Stored records —

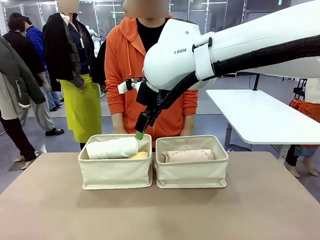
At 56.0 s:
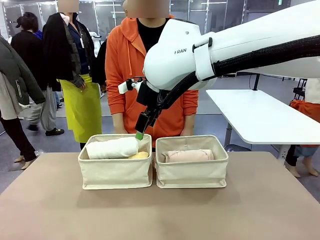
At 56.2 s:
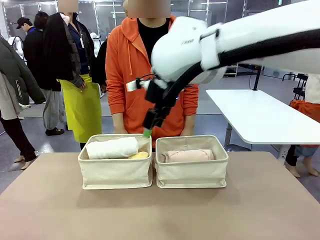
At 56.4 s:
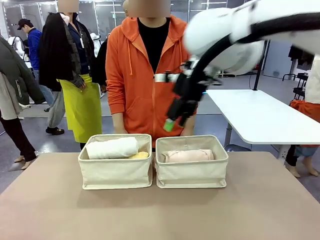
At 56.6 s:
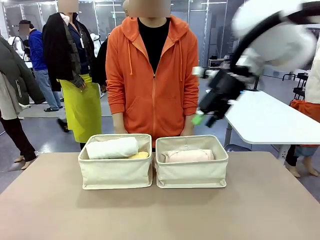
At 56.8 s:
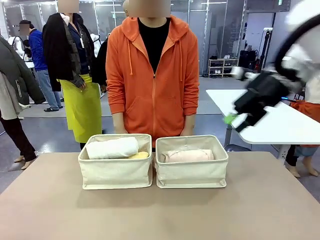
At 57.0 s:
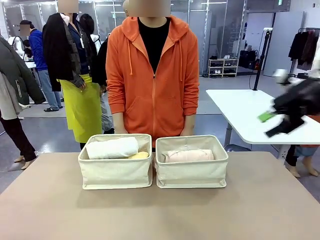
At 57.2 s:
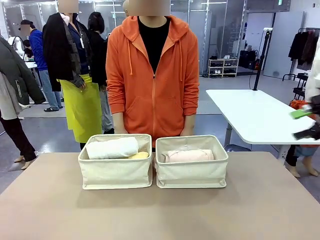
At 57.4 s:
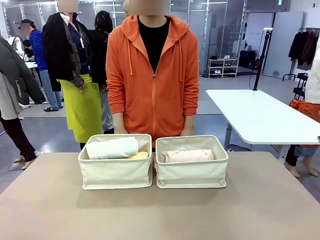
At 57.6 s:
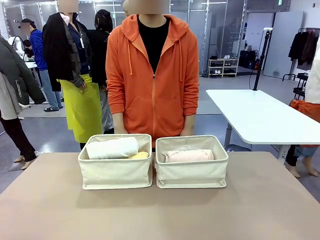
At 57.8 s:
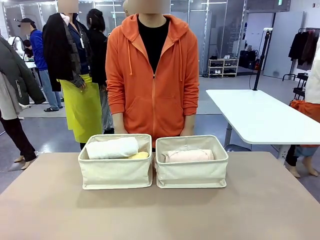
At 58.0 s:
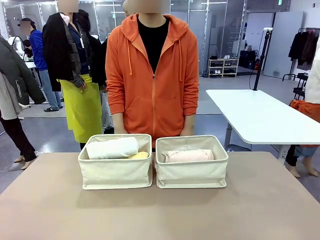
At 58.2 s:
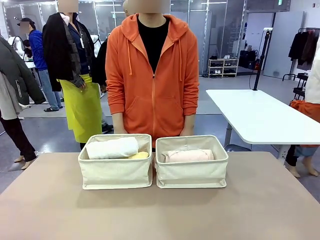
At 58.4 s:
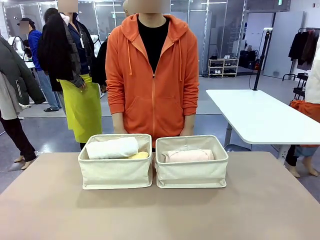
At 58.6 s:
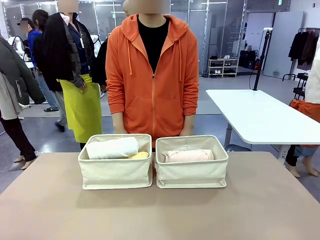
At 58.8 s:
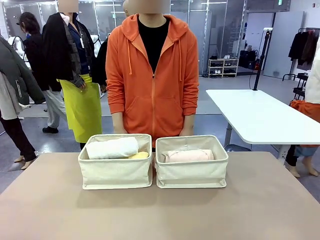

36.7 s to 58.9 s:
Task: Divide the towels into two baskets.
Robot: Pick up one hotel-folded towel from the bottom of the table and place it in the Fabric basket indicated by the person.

Assignment —
Please transcribe each entry exactly and exclude any image it contains.

Your solution —
At 56.0 s:
At 56.2 s:
At 56.4 s:
At 56.6 s:
At 56.8 s:
At 57.0 s:
At 57.2 s:
At 57.4 s:
At 57.6 s:
At 57.8 s:
At 58.0 s:
At 58.2 s:
At 58.4 s:
At 58.6 s:
At 58.8 s:

36.7 s to 58.9 s:
Task: Divide the towels into two baskets.
Robot: Pick up one hotel-folded towel from the bottom of the table and place it in the Fabric basket indicated by the person.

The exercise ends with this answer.